In the Trust and Estate space, the following are being floated:

Trust and estate tax proposals

  • Modify grantor trust rules by addressing three common planning techniques that allow the grantor to remove significant value from their estate without federal tax consequences.
  • Prescribe rules for valuing partial interests in property for certain intrafamily transfers.
  • Treat certain transfers of appreciated property by gift or death as realization events, subjecting them to capital gain rates.
  • Using loans for estate planning can be advantageous, especially when interest rates are low. The Green Book targets loans to beneficiaries used to avoid the income and GST tax consequences of distribution. It suggests the loans are often forgiven or otherwise not paid back, which is difficult for the IRS to track. The 2024 Green Book proposes to treat loans to and use of trust property by a trust beneficiary as a distribution for income tax purposes, resulting in distributable net income carrying out to the borrowing beneficiary.

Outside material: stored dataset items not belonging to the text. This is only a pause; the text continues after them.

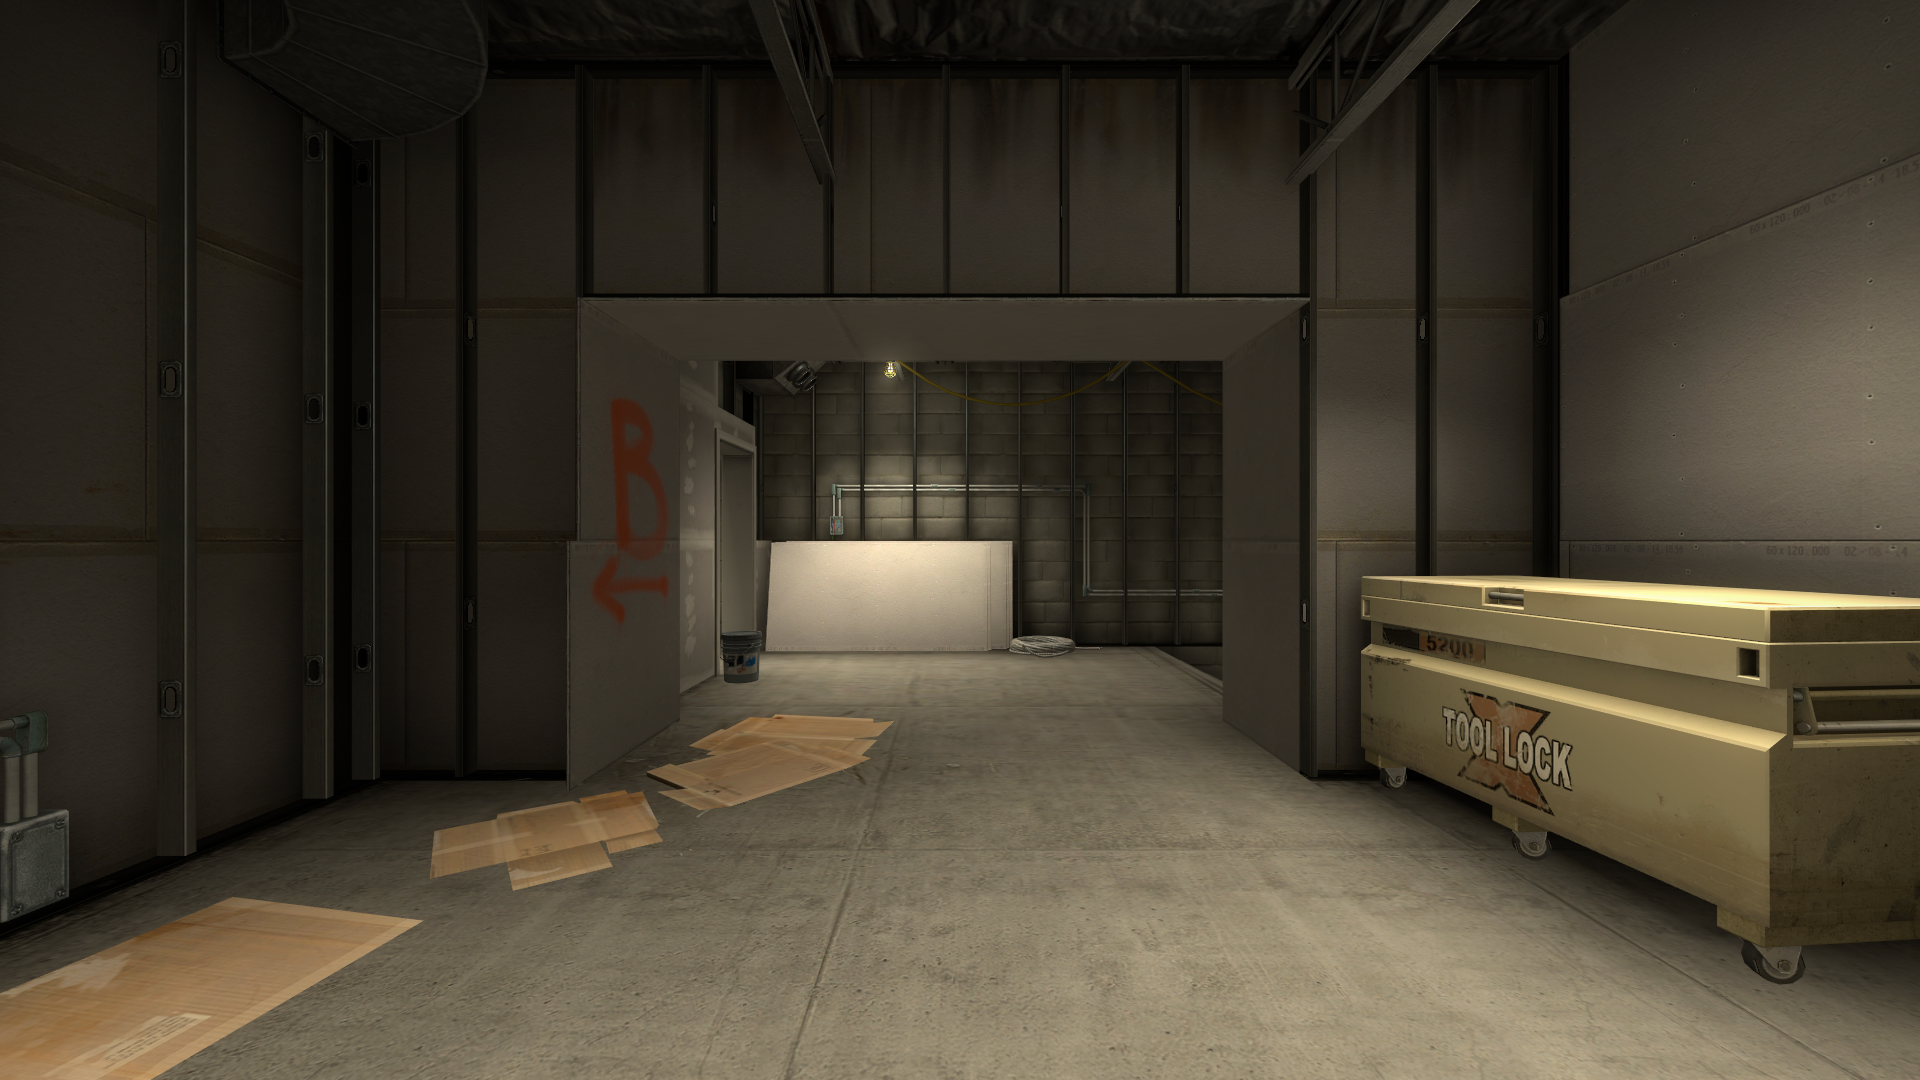
Map: de_vertigo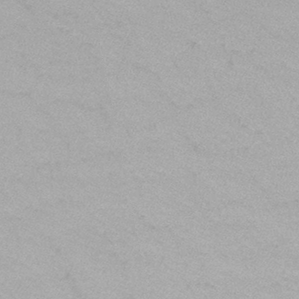
Label: frost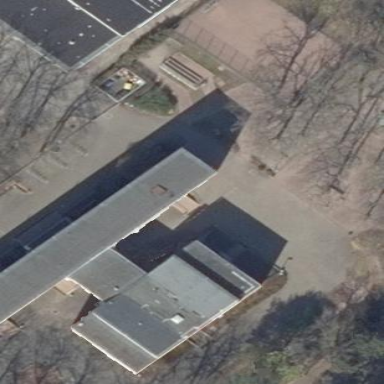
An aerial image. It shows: School.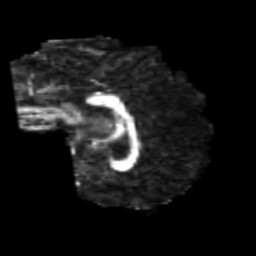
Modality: FA
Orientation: sagittal
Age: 24
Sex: male
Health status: healthy
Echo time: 0.074 s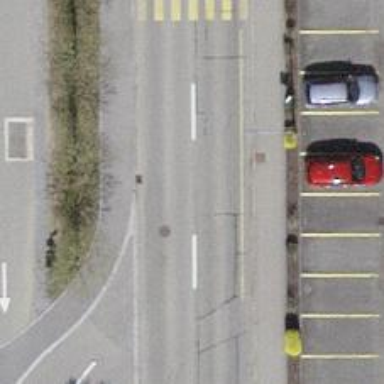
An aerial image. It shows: Public transport stop position.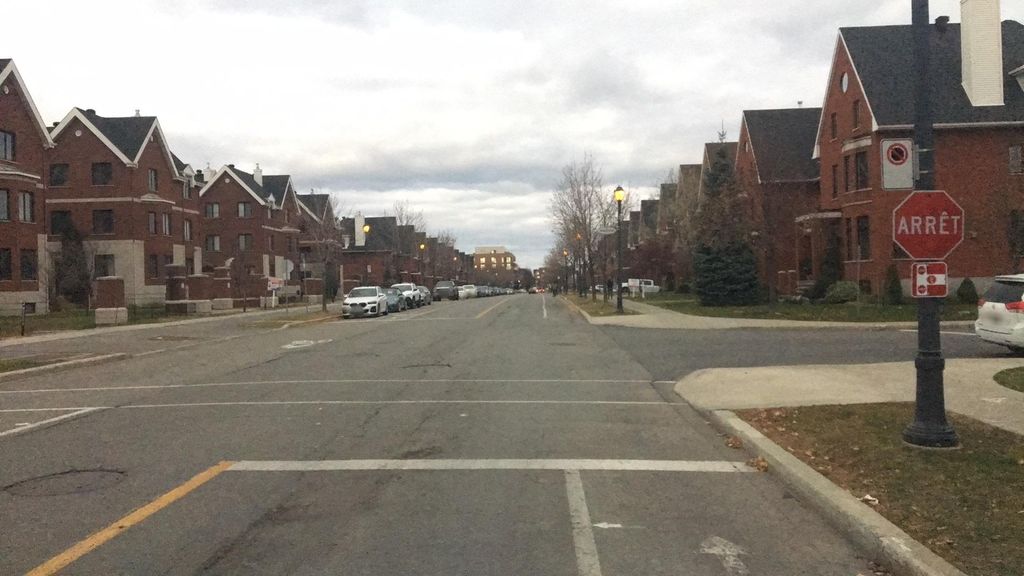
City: montreal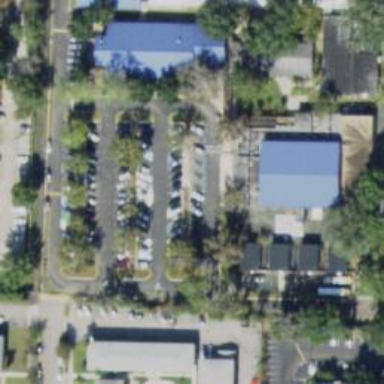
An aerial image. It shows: Parking space is available.
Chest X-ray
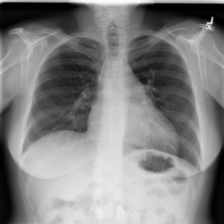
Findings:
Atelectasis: negative
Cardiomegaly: positive
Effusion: negative
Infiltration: negative
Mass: negative
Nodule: negative
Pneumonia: negative
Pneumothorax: negative
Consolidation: negative
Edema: negative
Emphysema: negative
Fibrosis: negative
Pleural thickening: negative
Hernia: negative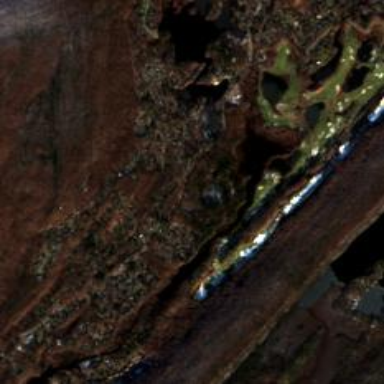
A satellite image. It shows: Water hazard in golf course. The hazard is natural water feature.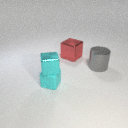
small cyan metal cube above small cyan rubber cube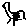
Label: bird
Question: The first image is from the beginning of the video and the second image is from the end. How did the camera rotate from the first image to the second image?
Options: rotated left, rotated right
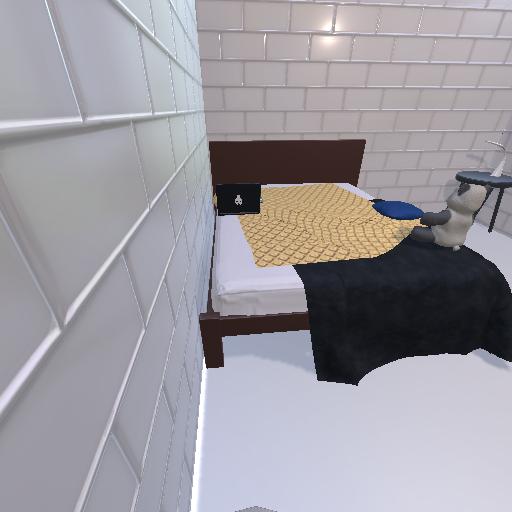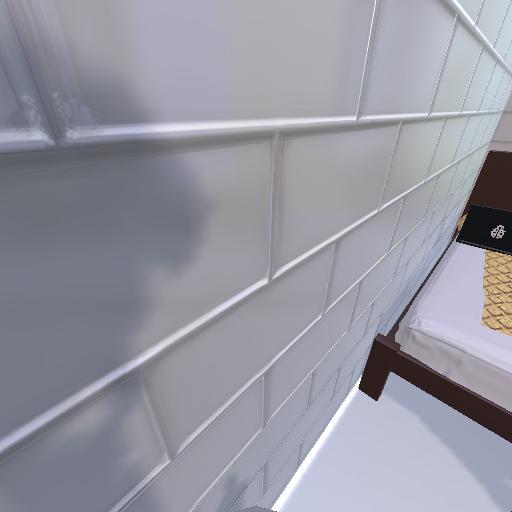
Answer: rotated left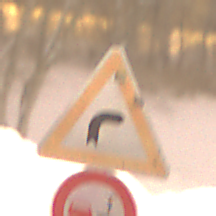
Verkehrszeichen: KurveRechts
Zusatzzeichen unten: VerbotUeberholenEinspurigeFahrzeuge
Umgebung: Outdoor, Urban
Tageszeit: Night
Wetter: Overcast
Licht: Artificial
Jahreszeit: Winter
Kontrast: MediumContrast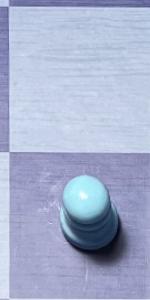
Label: Pawn_White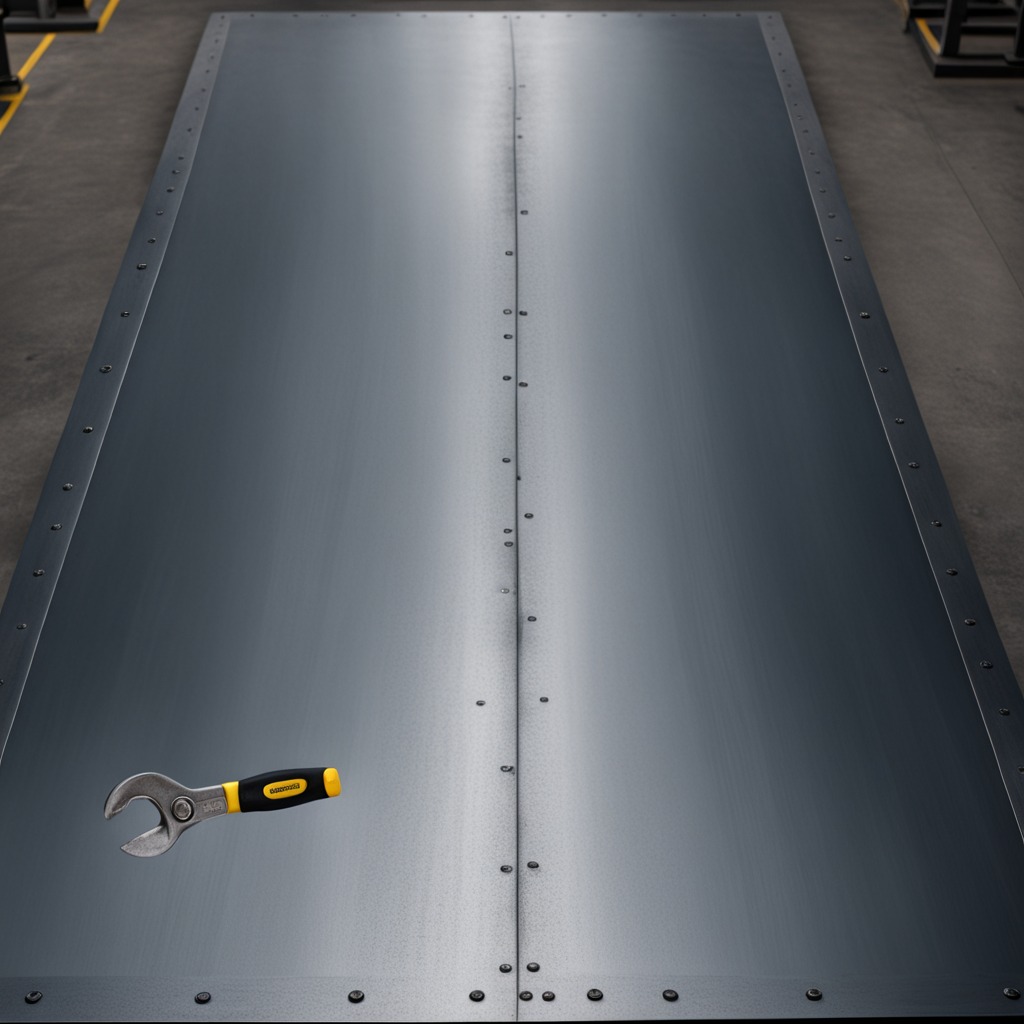
An wrench is lying on a cold steel table in a mining workshop.
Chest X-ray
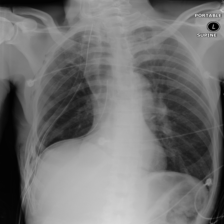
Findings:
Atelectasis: negative
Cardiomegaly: negative
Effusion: negative
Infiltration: negative
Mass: negative
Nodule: negative
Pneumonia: negative
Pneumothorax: negative
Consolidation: negative
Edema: negative
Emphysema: positive
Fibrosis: negative
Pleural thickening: negative
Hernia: negative
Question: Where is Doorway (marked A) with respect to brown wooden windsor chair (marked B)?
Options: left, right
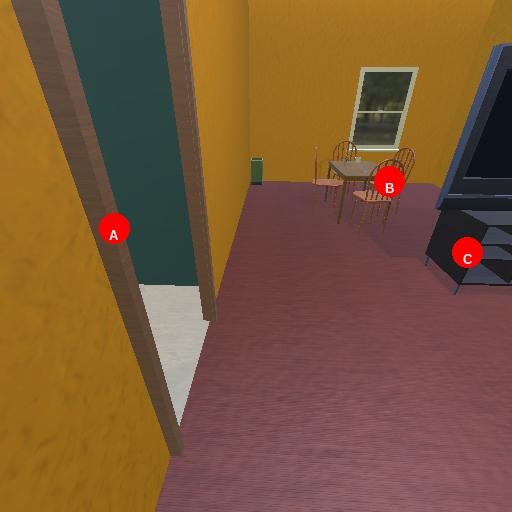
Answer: left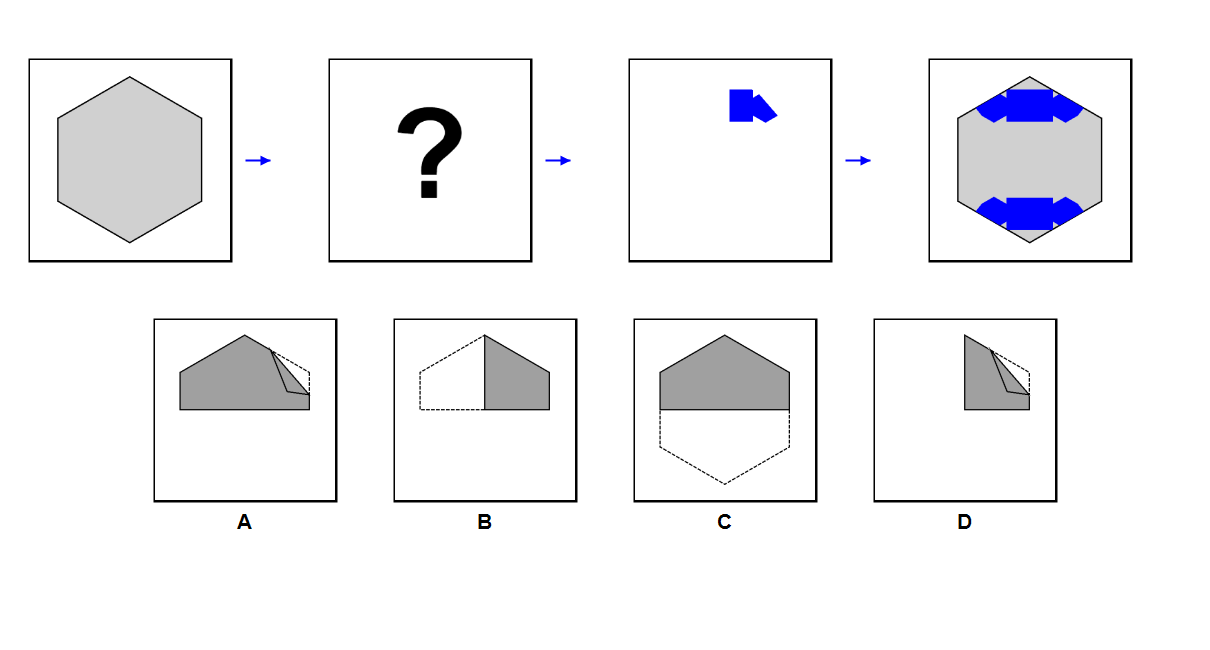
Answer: A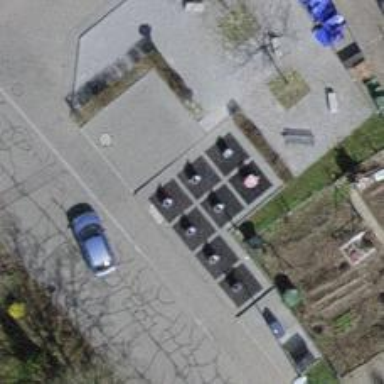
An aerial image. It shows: Recycling container at amenity designated for recycling.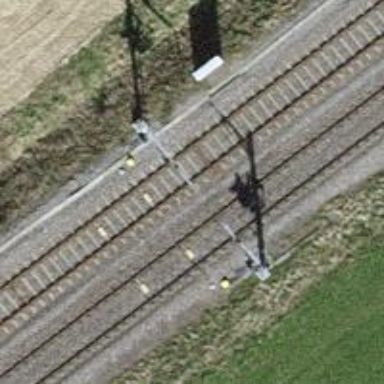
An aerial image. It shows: Railway signal.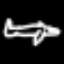
Label: airplane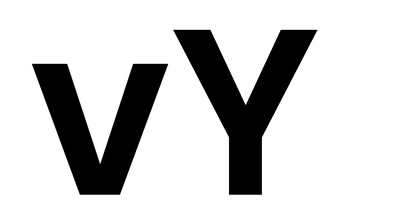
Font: Poppins-SemiBold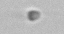
Label: nanoplankton_mix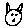
Label: cat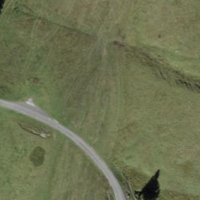
EUNIS habitat code: 25
Species observed at this site:
Dactylorhiza majalis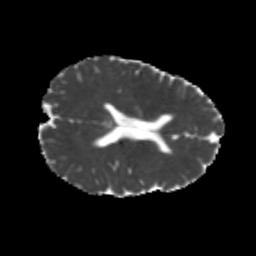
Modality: MD
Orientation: axial
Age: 24
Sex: male
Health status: healthy
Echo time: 0.074 s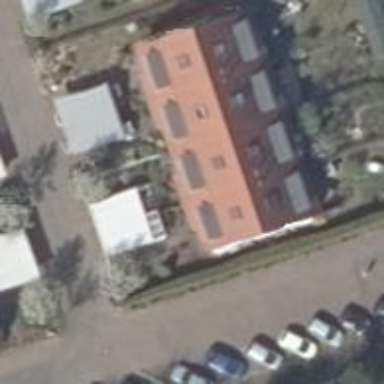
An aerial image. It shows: Terrace building with gabled roof.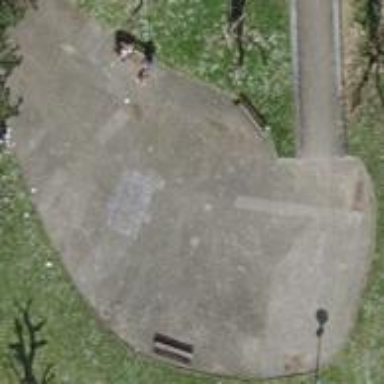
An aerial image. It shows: Pedestrian path with asphalt surface.

The Green Book also addresses the digital economy, proposing new tax rules to adapt to the evolving nature of digital goods and services. This includes measures to close loopholes that have allowed digital giants to minimize their tax obligations, thereby ensuring a level playing field for all businesses. In conclusion, a Republican control of the House of Representatives will preclude action on President Biden’s tax increase proposals in the near term. The President’s budget generally leaves open the question of how to address most of the “Tax Cuts and Jobs Act” individual tax provisions that are set to expire at the end of 2025. The fate of those provisions is expected to depend largely on which party controls the White House and Congress after the 2024 elections. The proposals in the fiscal year 2024 Budget could arise again in the context of that 2025 debate.